# About this task
Every record is to be copied unchanged, except that its pictures are removed.

# Entries supplied
━━━━━━━━━━━━━━━━

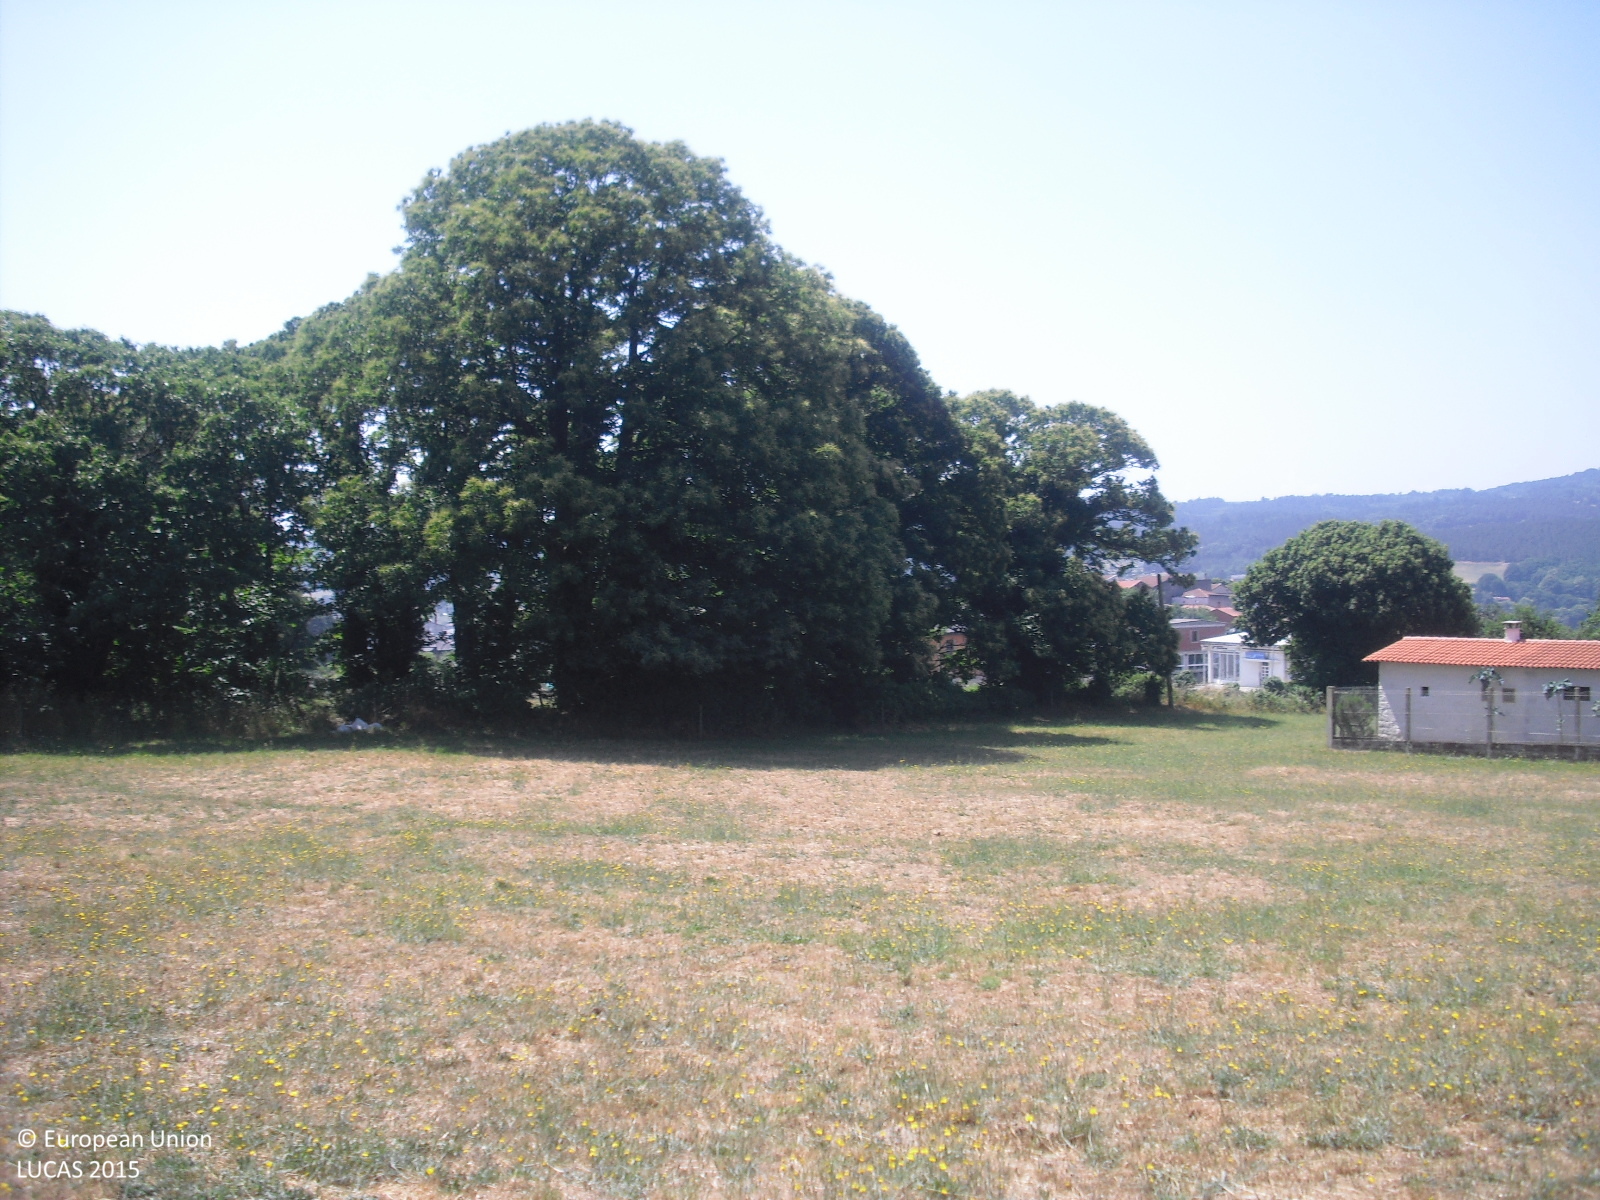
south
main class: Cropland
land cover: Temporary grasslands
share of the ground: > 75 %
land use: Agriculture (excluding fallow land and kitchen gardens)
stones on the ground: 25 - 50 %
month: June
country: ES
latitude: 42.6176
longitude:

━━━━━━━━━━━━━━━━

# Expected answer
south
main class: Cropland
land cover: Temporary grasslands
share of the ground: > 75 %
land use: Agriculture (excluding fallow land and kitchen gardens)
stones on the ground: 25 - 50 %
month: June
country: ES
latitude: 42.6176
longitude:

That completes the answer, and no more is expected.